Withdrawal of subtherapeutic antibiotics from growing- finishing diets had no significant
effect on disease level and the use of antibiotics at therapeutic levels.

By the early 1990’s all countries in the European Union considered banning the use of
avoparcin and by 1999, a ban was introduced for tylosin, zinc bacitracin, spiramycin,
virginiamycin, carbadox, and olaquindox. By 2000, no feed antibiotics were used in
Denmark. Results from antibiotic withdrawal in Denmark were comparable to those in
Sweden showing that omitting growth promoters from the diets of nursery pigs, causes an
increase in sub-clinical and clinical disease, thereby increasing the need for antibiotics at
therapeutic levels (Stein, 2002; Yan, 2004).

In Denmark and Sweden, omitting feed antibiotics from the diet of growing- finishing
pigs decreases performance based on feed efficiency and average daily gain. Therefore,
if the increase in growth rate and feed efficiency for the growing- finishing phase was
4.2% and 2.2%, respectively, with the addition of feed antibiotics in the diet, then these
parameters will decrease by the same amount. However, the impact of removing feed
antibiotics from the diet of nursery pigs is much more severe. There has been an
observed increase in mortality (30%) of nursery pigs which lack feed antibiotics in their
diets. In addition, there has been an increase in total feed consumption from weaning to
25 kg (2-3kg) and a decrease in daily gain (19g/day) (Yan, 2004). Consequently, this has
resulted in a decrease in feed efficiency for this period. Most of the problems associated
with antimicrobial growth promoters withdrawal in nursery pigs can be accredited to
diarrhea caused by E.coli, Clostridium perfringens, and Lawsonia colibacillosis as
previously discussed (McDermott et al., 2002; Yan, 2004).

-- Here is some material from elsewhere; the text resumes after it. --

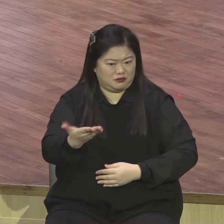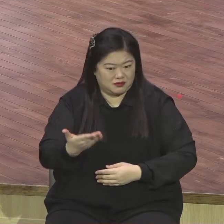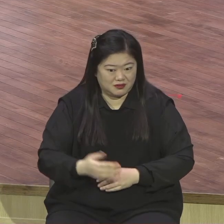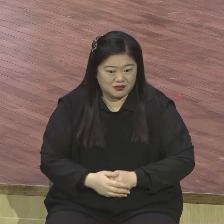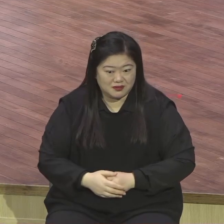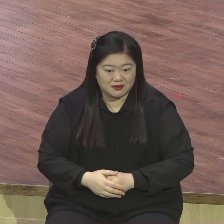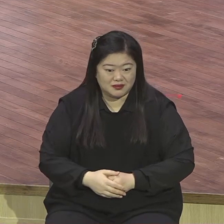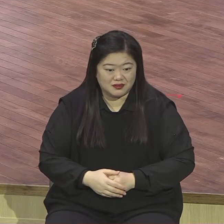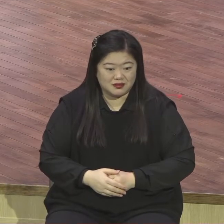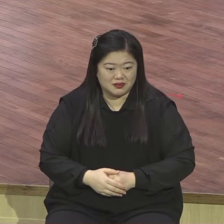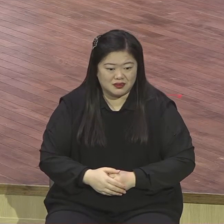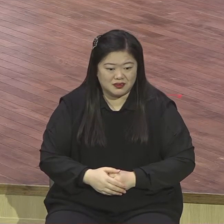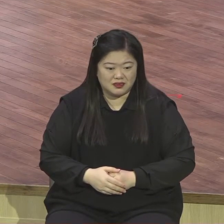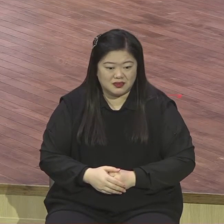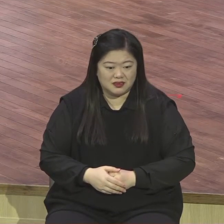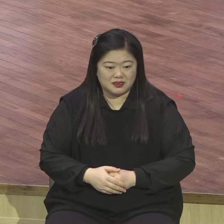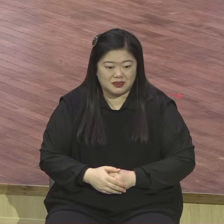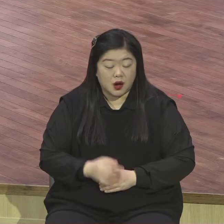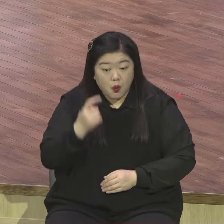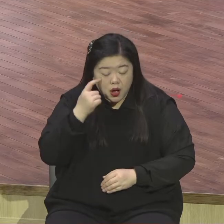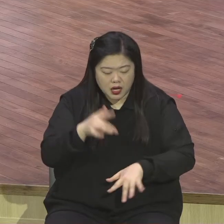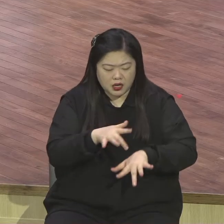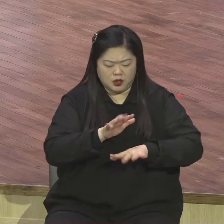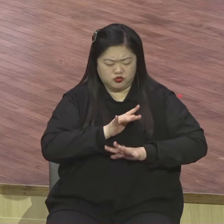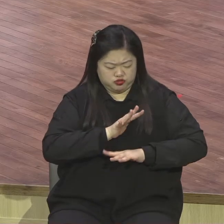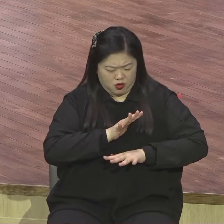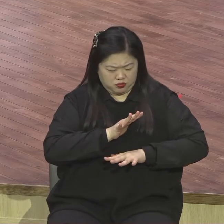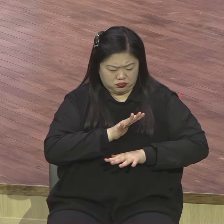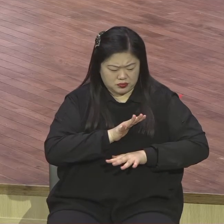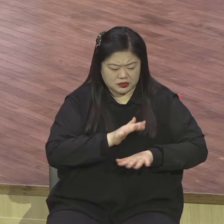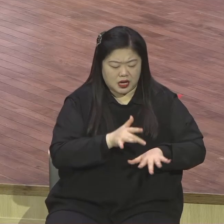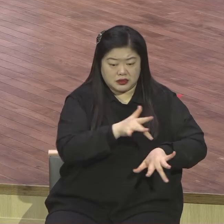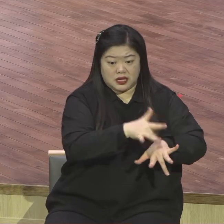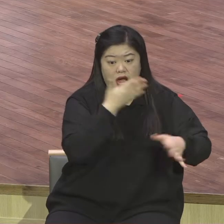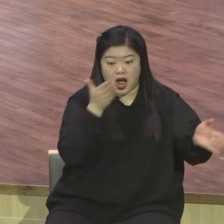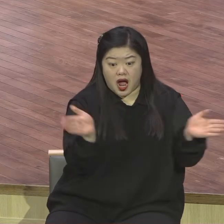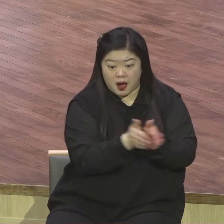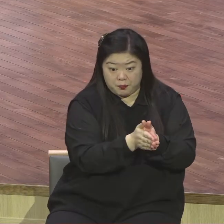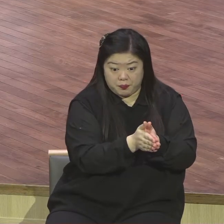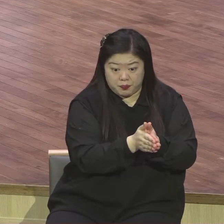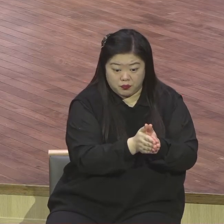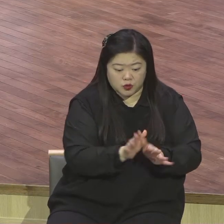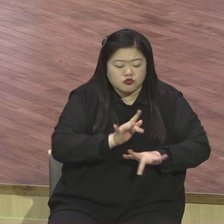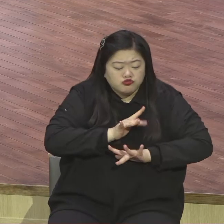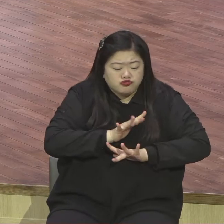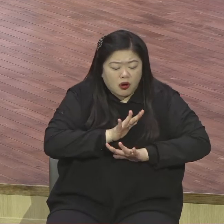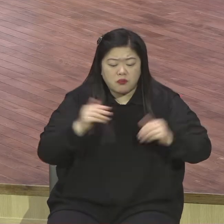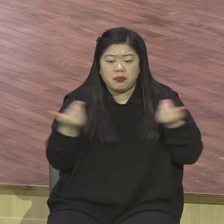두려움은 사단해지는 겁니다 제일 중요한 건 평안입니다 평안 평안하뇨

It has already been established that imprudent use of feed antibiotics is neither desired
nor acceptable in animal agriculture due to the development of antibiotic resistance and
its possible ramifications on human health. However, even in Denmark, where the feed
antibiotics ban is in place, animal strains of non-pathogenic E coli are much less
frequently resistant to antibiotics than strains causing infections in humans;10% in pigs
versus 30-45% in humans (Stein, 2002; Yan, 2004). In addition, animal strains are more
susceptible to antibiotics such as sulphonamides and are never resistant to ciprofloxacin.
These patterns suggest that resistance in E. coli is more likely to be driven by human
antibiotic use, although an animal origin cannot be excluded. Equally as important is the
fact that comple te withdrawal of feed antibiotics has serious consequences on animal
health, growth performance and ultimately, the animal industry. The estimated economic
loss to Danish swine producers resulting from the exclusion of feed antibiotics in the
nursery diet is between 0.5 and 1 USD per pig (Stein, 2002; Yan, 2004).

MICROBIAL ECOLOGY OF THE DIGESTIVE TRACT

Therefore our search for fundamental mechanisms governing homeostasis in the gut
epithelial cells must inevitably include the role of gut microbiota. Microorganisms of the
digestive tract form an important component of the immune defenses against invading
pathogens. From this has flowed the concept of colonization resistance of competitive
exclusion. The best way of explaining this concept is to recount the classical experiments
conducted by Numuri with day-old chicks in the 1970’s (Pessi et al., 1999; Reid and
Friendship, 2002). Young chicks are susceptible to infection by Salmonella, and once
infected at a young age it is economically unfeasible to treat. However, if the ceaca of a
healthy Salmonella free adult chicken, rich in bacteria, is sprayed into the oral cavity of
young chicks, they do not develop Salmonella infections. Thus, the normal microbiota
has competitively excluded or resisted colonization by Salmonella.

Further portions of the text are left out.